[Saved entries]

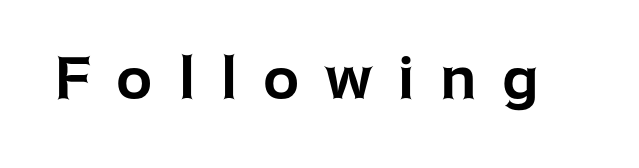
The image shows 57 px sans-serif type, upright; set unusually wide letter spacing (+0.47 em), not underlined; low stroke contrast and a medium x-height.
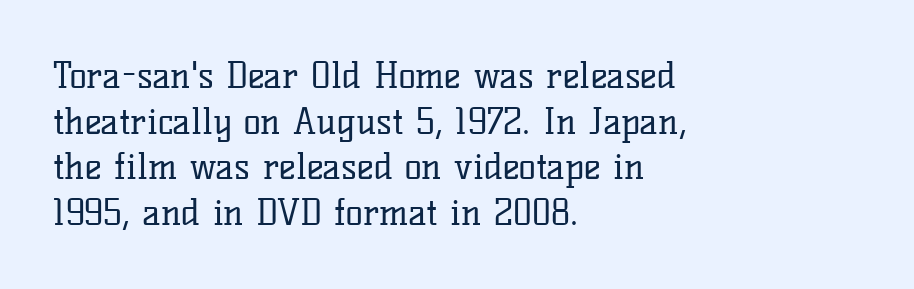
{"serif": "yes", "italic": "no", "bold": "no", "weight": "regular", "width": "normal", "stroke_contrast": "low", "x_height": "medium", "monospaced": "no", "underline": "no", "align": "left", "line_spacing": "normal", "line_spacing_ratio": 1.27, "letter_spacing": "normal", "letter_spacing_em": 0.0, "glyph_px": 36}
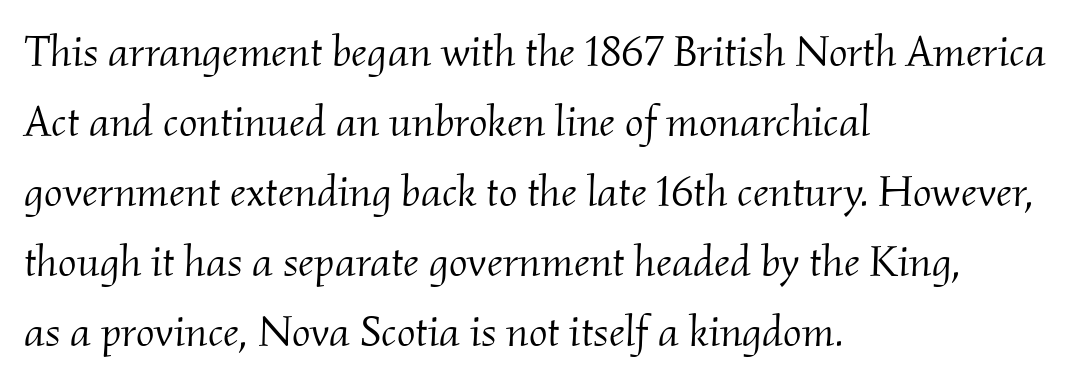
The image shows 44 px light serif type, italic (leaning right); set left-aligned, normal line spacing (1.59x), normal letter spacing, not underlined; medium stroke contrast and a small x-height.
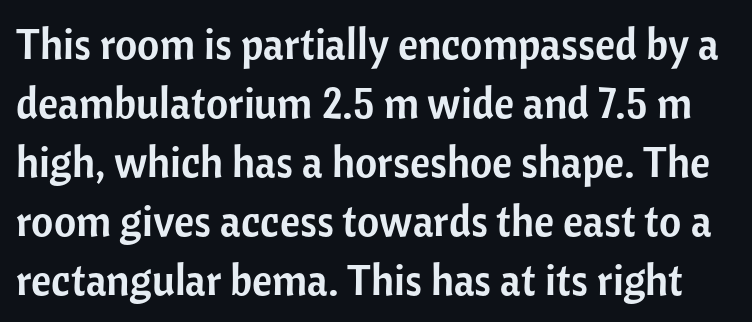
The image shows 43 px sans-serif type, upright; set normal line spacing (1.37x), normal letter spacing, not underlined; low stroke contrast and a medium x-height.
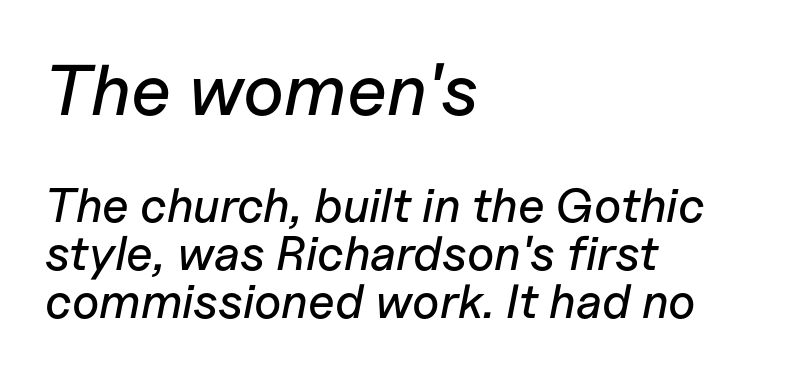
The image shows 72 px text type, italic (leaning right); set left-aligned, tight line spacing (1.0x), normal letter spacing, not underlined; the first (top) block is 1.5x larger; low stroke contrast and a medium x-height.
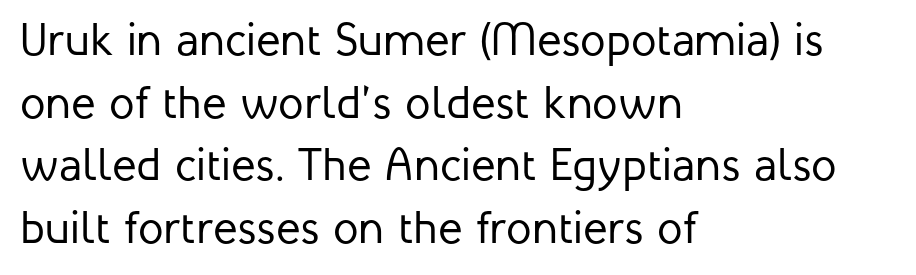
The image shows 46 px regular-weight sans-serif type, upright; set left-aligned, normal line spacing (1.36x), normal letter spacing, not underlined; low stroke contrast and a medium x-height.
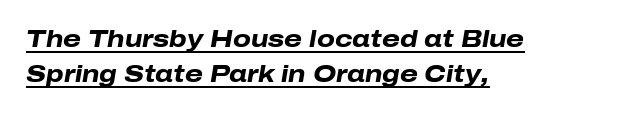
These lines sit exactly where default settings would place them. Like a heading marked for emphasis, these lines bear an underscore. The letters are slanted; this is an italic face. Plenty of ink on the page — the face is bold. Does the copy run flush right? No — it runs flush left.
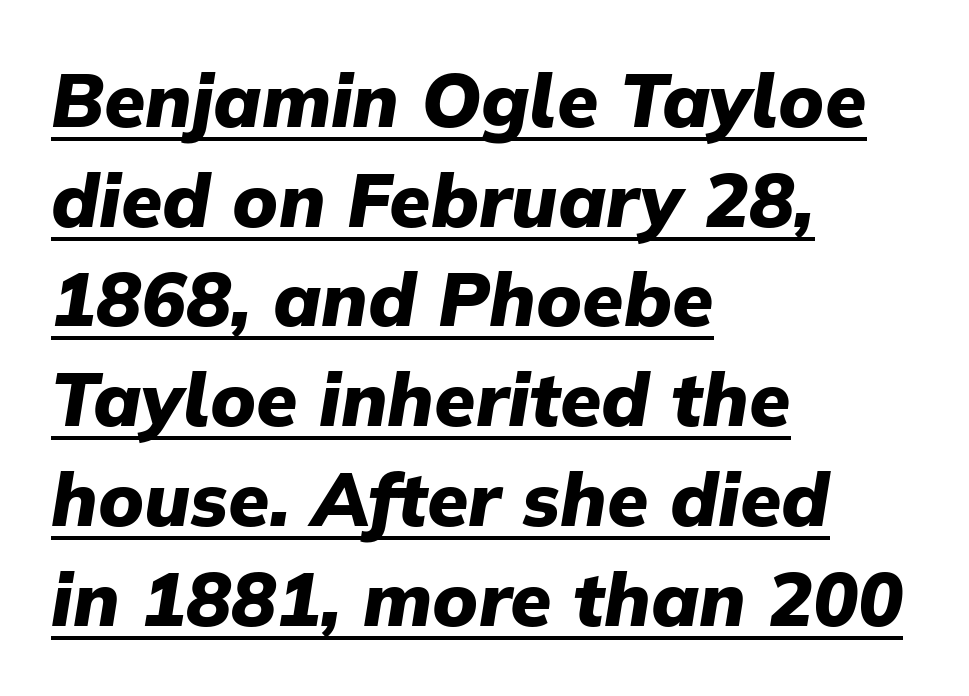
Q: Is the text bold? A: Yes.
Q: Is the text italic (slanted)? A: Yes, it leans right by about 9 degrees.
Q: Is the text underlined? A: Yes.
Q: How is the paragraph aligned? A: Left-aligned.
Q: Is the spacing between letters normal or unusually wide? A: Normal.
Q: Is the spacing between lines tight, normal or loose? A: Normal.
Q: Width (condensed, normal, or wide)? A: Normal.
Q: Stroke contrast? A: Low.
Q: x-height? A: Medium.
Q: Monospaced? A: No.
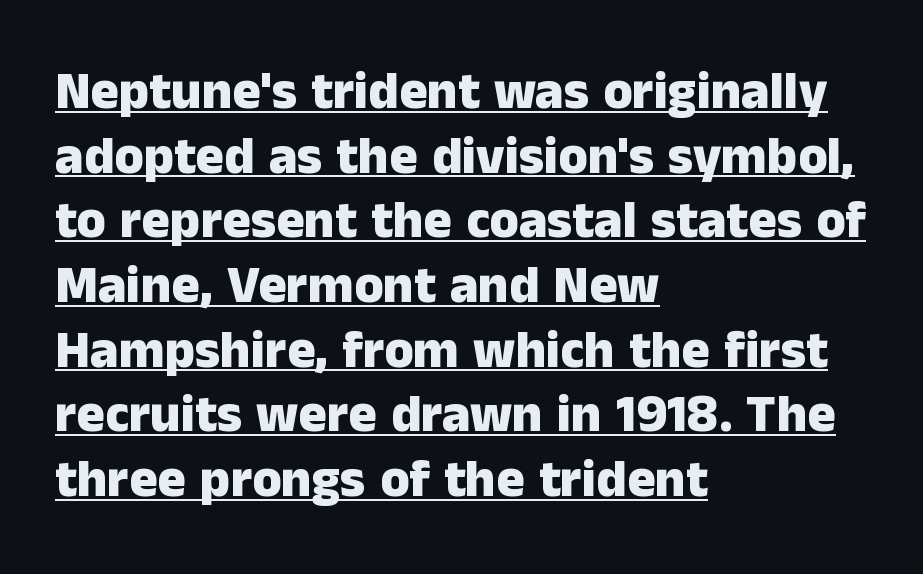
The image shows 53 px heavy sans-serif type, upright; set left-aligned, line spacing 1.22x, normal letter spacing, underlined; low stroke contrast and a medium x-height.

» **WHAT IS REQUIRED**: What you give back must match the entries exactly, apart from the omitted pictures.

» **RESPONSE BOX**:
The image shows 57 px sans-serif type, upright; set unusually wide letter spacing (+0.47 em), not underlined; low stroke contrast and a medium x-height.
{"serif": "yes", "italic": "no", "bold": "no", "weight": "regular", "width": "normal", "stroke_contrast": "low", "x_height": "medium", "monospaced": "no", "underline": "no", "align": "left", "line_spacing": "normal", "line_spacing_ratio": 1.27, "letter_spacing": "normal", "letter_spacing_em": 0.0, "glyph_px": 36}
The image shows 44 px light serif type, italic (leaning right); set left-aligned, normal line spacing (1.59x), normal letter spacing, not underlined; medium stroke contrast and a small x-height.
The image shows 43 px sans-serif type, upright; set normal line spacing (1.37x), normal letter spacing, not underlined; low stroke contrast and a medium x-height.
The image shows 72 px text type, italic (leaning right); set left-aligned, tight line spacing (1.0x), normal letter spacing, not underlined; the first (top) block is 1.5x larger; low stroke contrast and a medium x-height.
The image shows 46 px regular-weight sans-serif type, upright; set left-aligned, normal line spacing (1.36x), normal letter spacing, not underlined; low stroke contrast and a medium x-height.
These lines sit exactly where default settings would place them. Like a heading marked for emphasis, these lines bear an underscore. The letters are slanted; this is an italic face. Plenty of ink on the page — the face is bold. Does the copy run flush right? No — it runs flush left.
Q: Is the text bold? A: Yes.
Q: Is the text italic (slanted)? A: Yes, it leans right by about 9 degrees.
Q: Is the text underlined? A: Yes.
Q: How is the paragraph aligned? A: Left-aligned.
Q: Is the spacing between letters normal or unusually wide? A: Normal.
Q: Is the spacing between lines tight, normal or loose? A: Normal.
Q: Width (condensed, normal, or wide)? A: Normal.
Q: Stroke contrast? A: Low.
Q: x-height? A: Medium.
Q: Monospaced? A: No.
The image shows 53 px heavy sans-serif type, upright; set left-aligned, line spacing 1.22x, normal letter spacing, underlined; low stroke contrast and a medium x-height.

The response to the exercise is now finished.